> _TASK INSTRUCTIONS_
The entries below should be quoted exactly, with no pictures carried over.

----

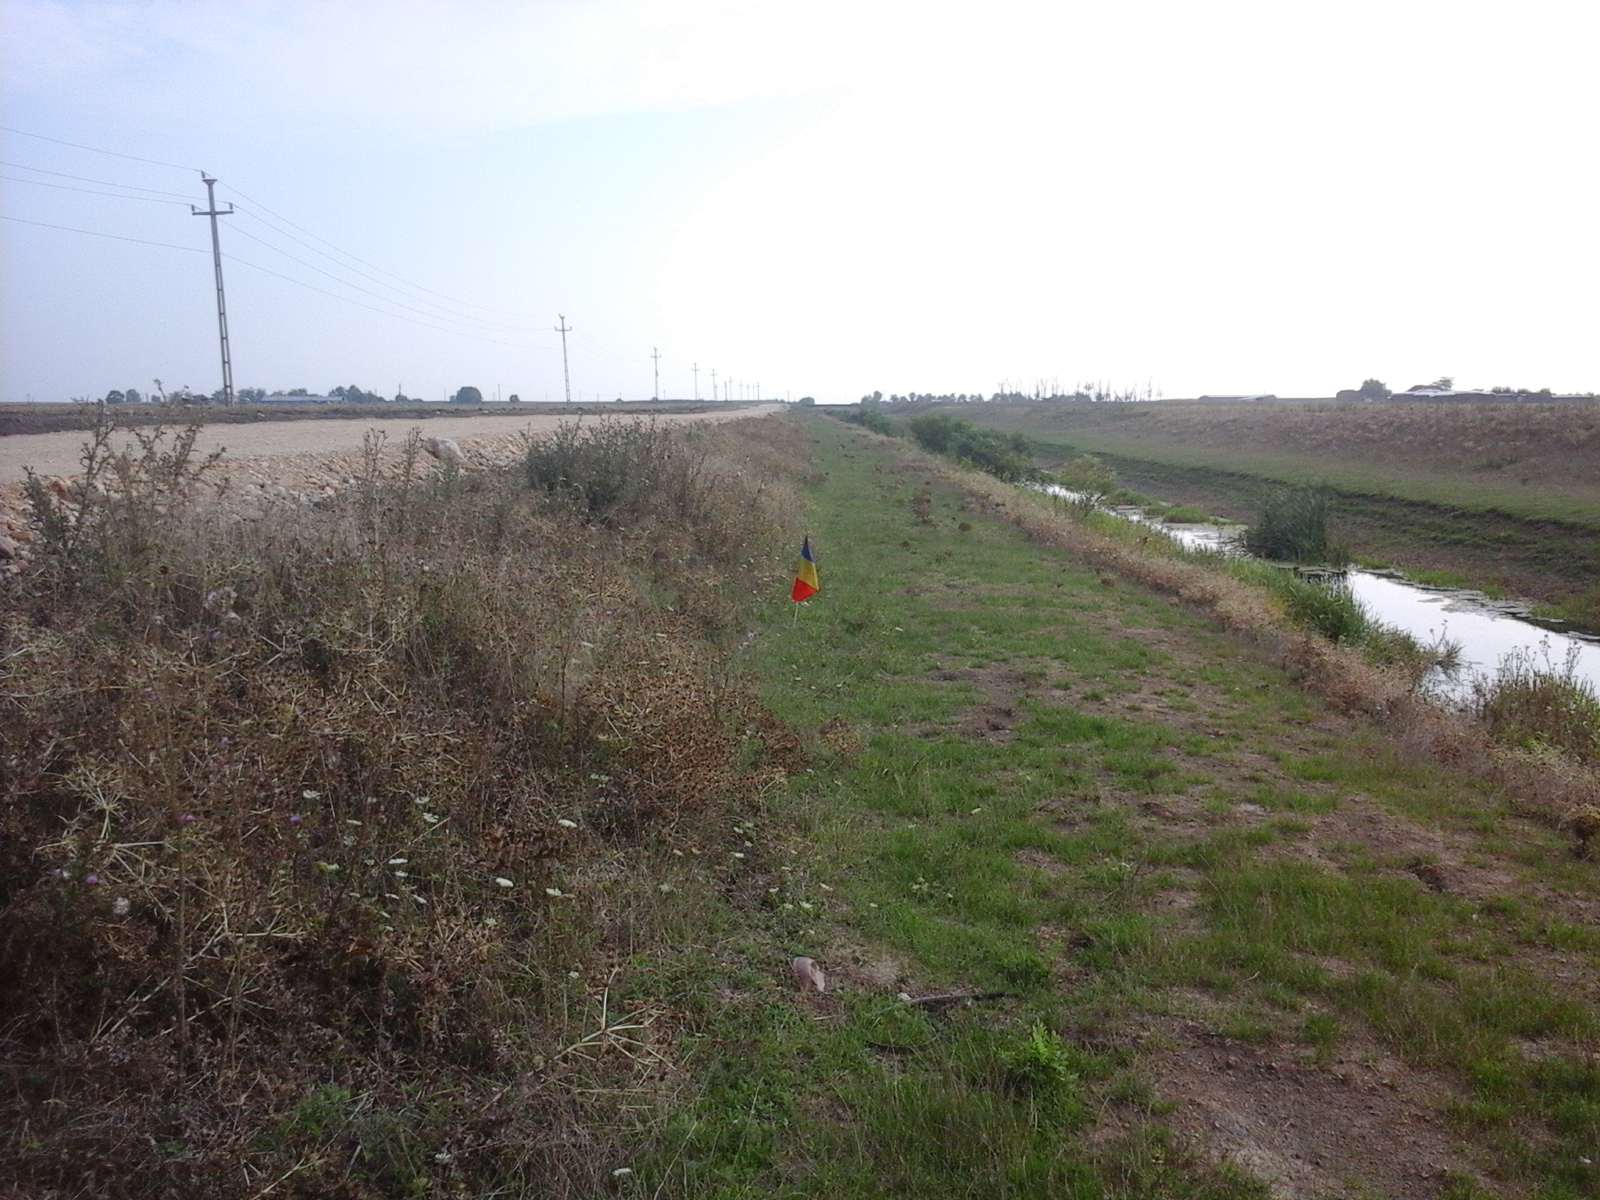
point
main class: Grassland
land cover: Grassland without tree/shrub cover
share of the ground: > 75 %
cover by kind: herbaceous plants 100 %
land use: Agriculture (excluding fallow land and kitchen gardens)
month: August
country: RO
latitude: 46.7067
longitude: 21.5365
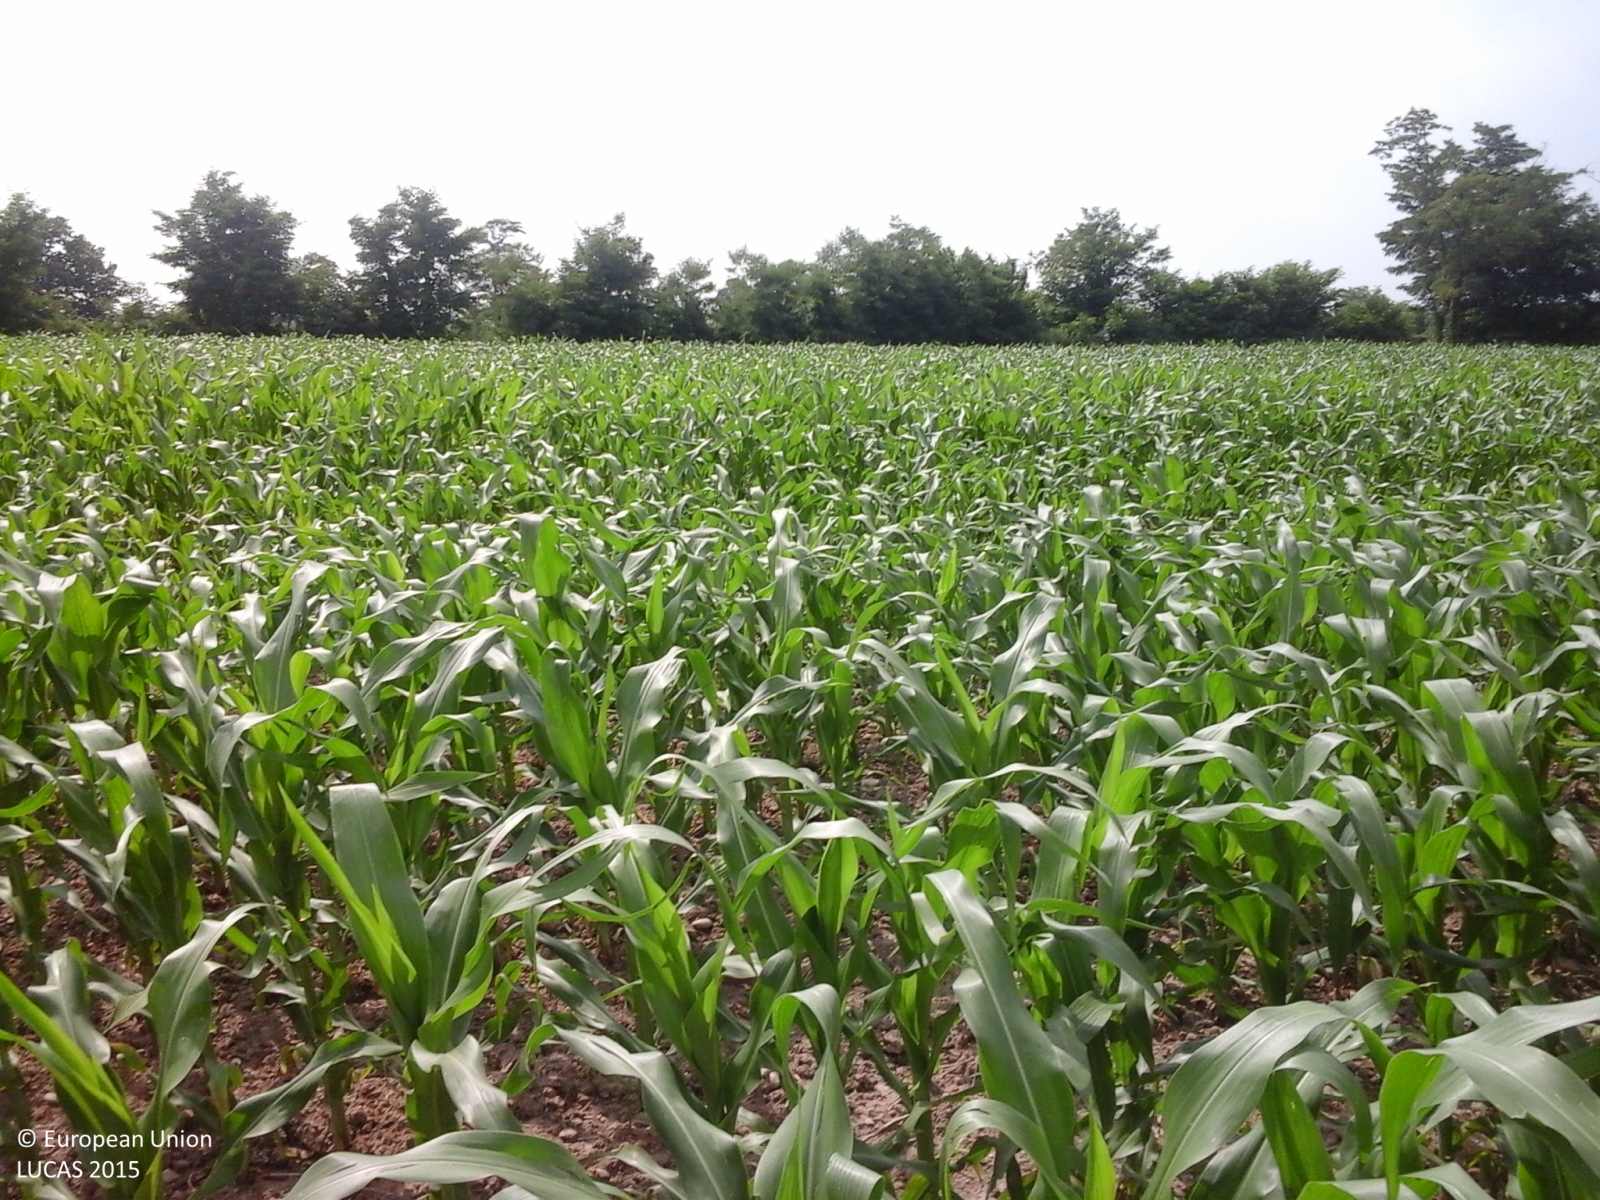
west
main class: Cropland
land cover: Maize
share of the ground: 50 - 75 %
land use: Agriculture (excluding fallow land and kitchen gardens)
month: June
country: IT
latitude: 45.3884
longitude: 8.7122
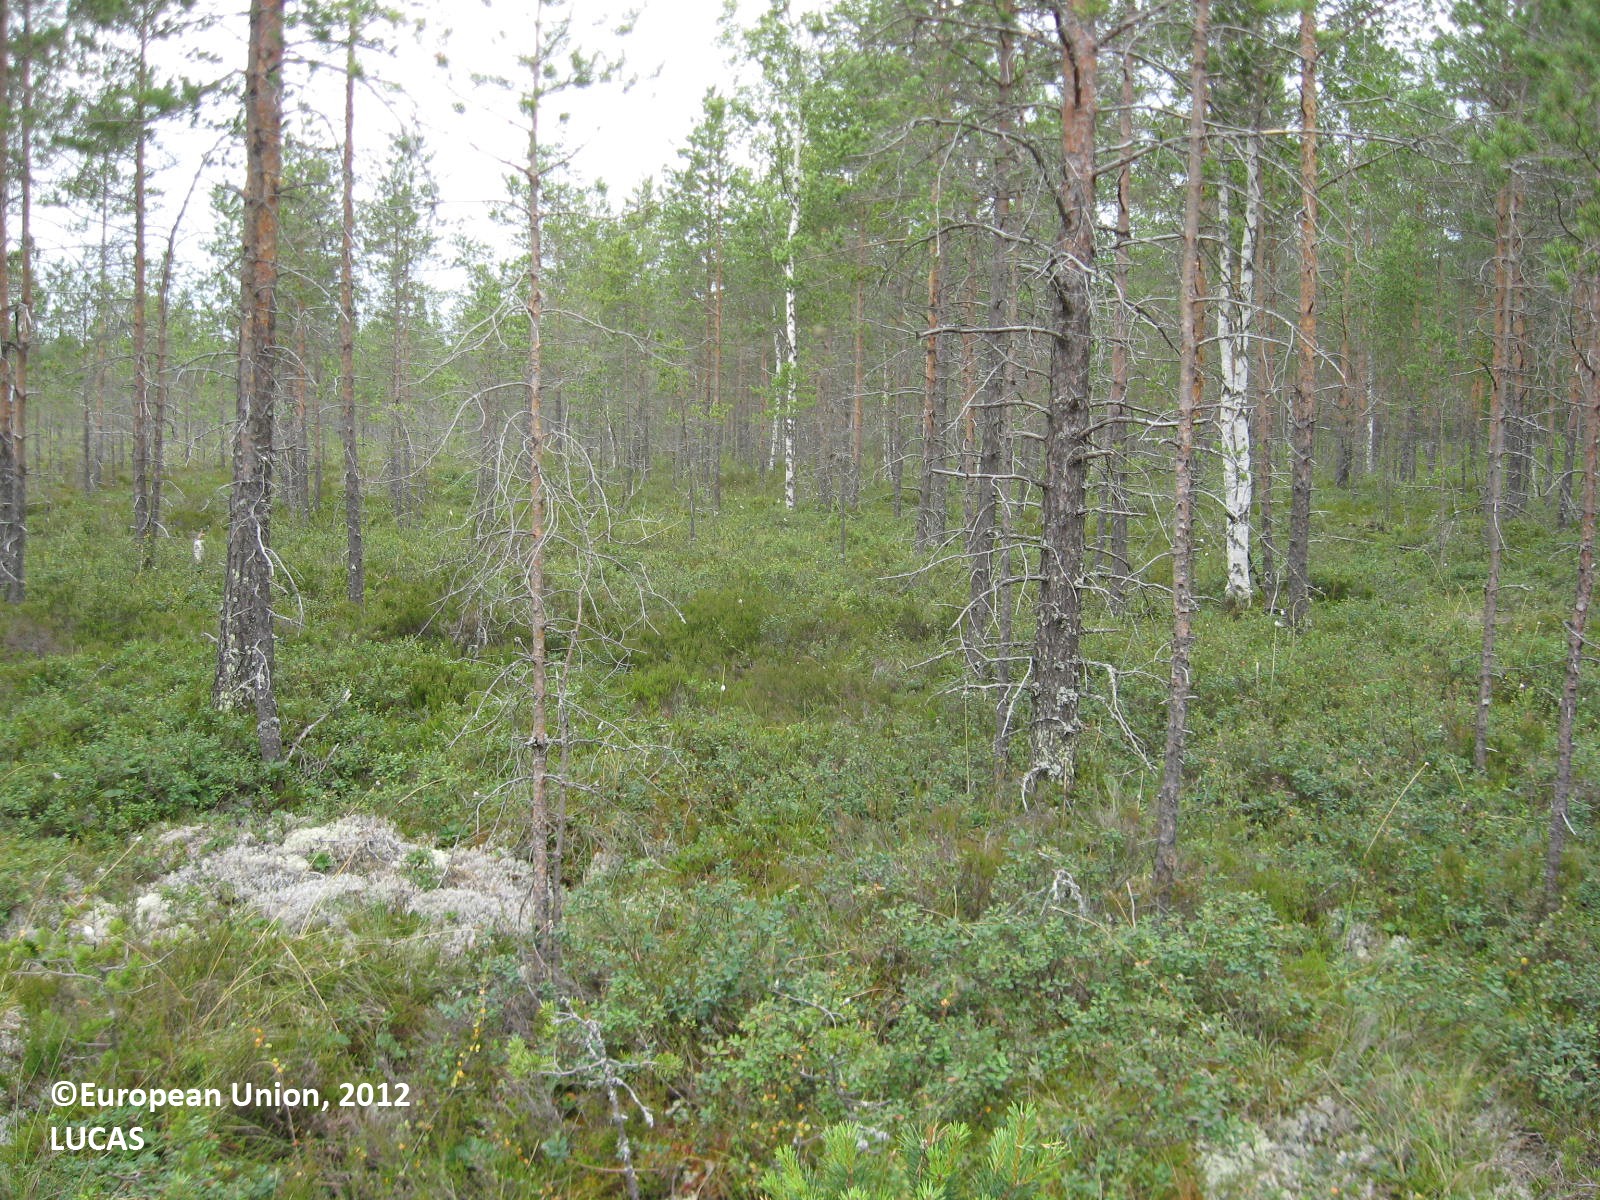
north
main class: Woodland
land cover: Pine dominated coniferous woodland
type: boreal forest
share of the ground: 50 - 75 %
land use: Forestry
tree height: > 5 m
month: July
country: FI
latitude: 62.1593
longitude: 22.7493
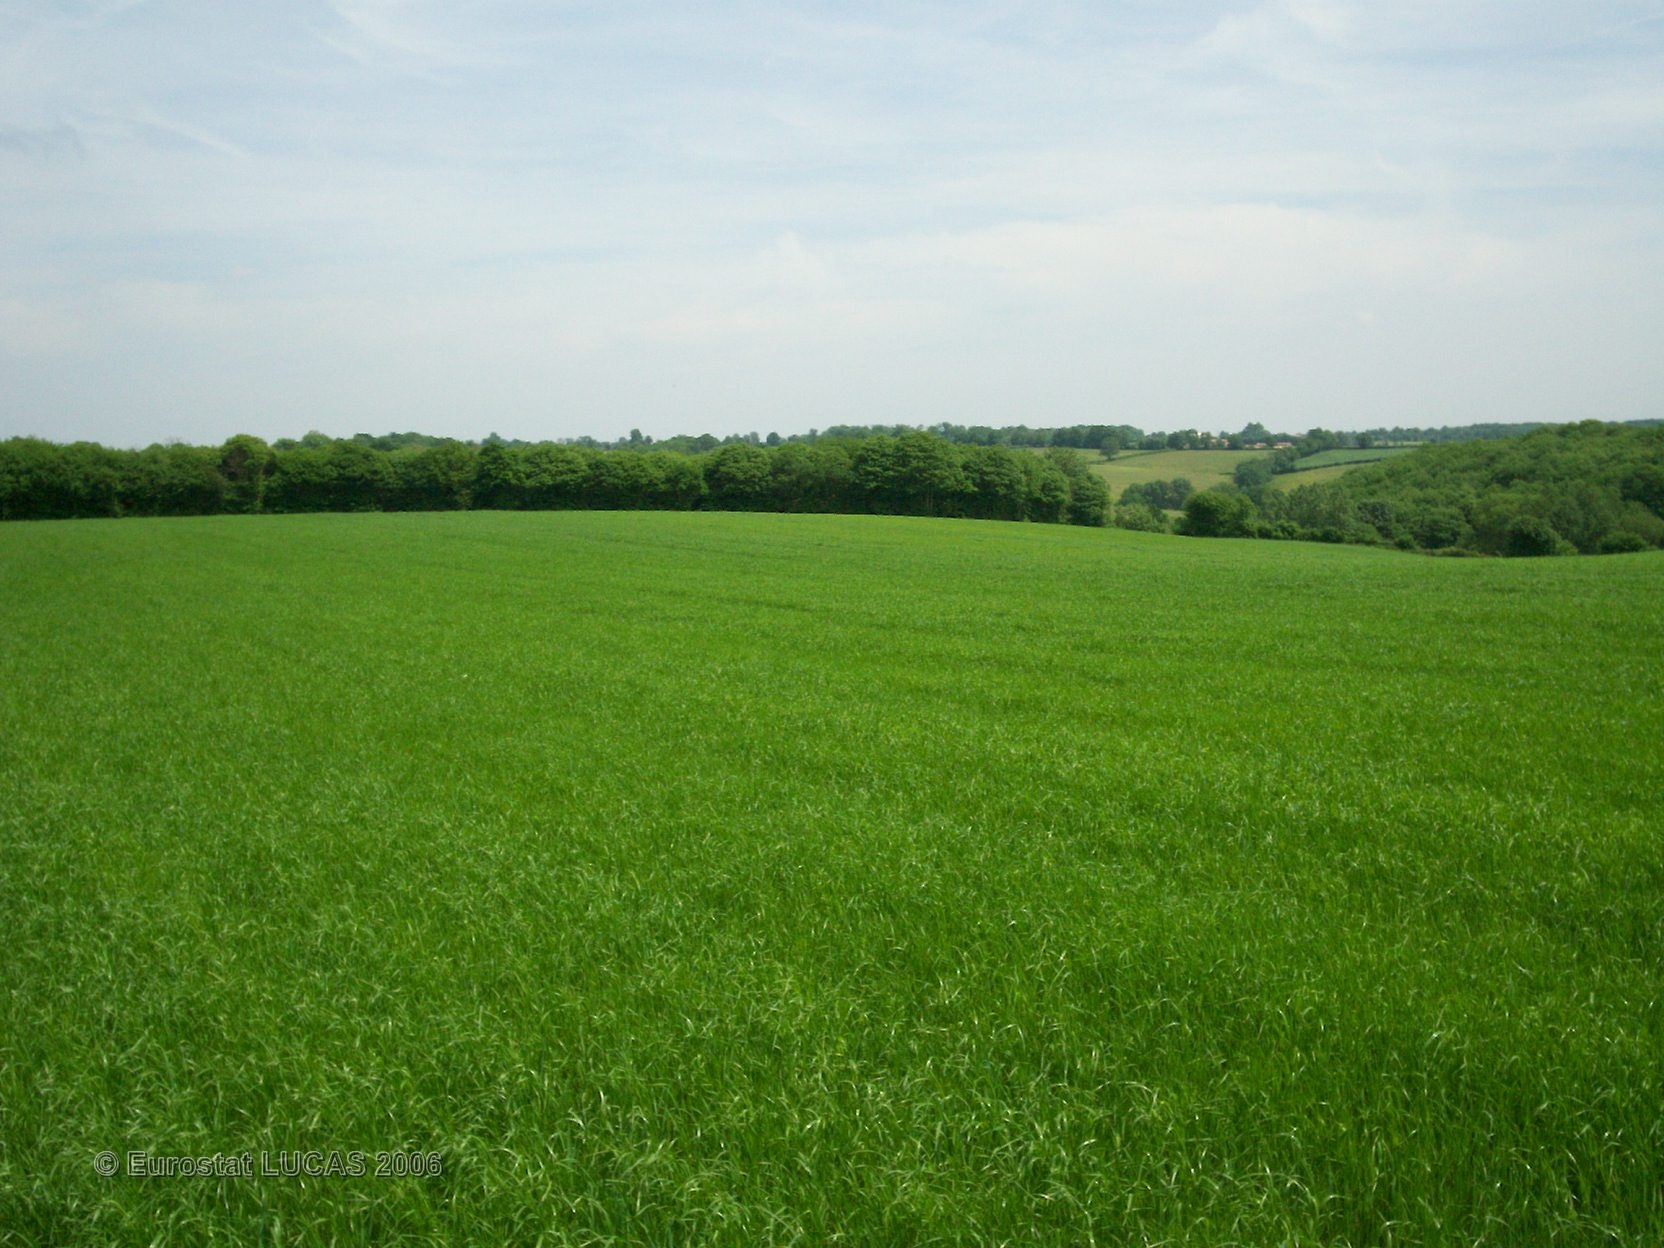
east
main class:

----

> _RESULT FOR THIS EXERCISE_
point
main class: Grassland
land cover: Grassland without tree/shrub cover
share of the ground: > 75 %
cover by kind: herbaceous plants 100 %
land use: Agriculture (excluding fallow land and kitchen gardens)
month: August
country: RO
latitude: 46.7067
longitude: 21.5365
west
main class: Cropland
land cover: Maize
share of the ground: 50 - 75 %
land use: Agriculture (excluding fallow land and kitchen gardens)
month: June
country: IT
latitude: 45.3884
longitude: 8.7122
north
main class: Woodland
land cover: Pine dominated coniferous woodland
type: boreal forest
share of the ground: 50 - 75 %
land use: Forestry
tree height: > 5 m
month: July
country: FI
latitude: 62.1593
longitude: 22.7493
east
main class:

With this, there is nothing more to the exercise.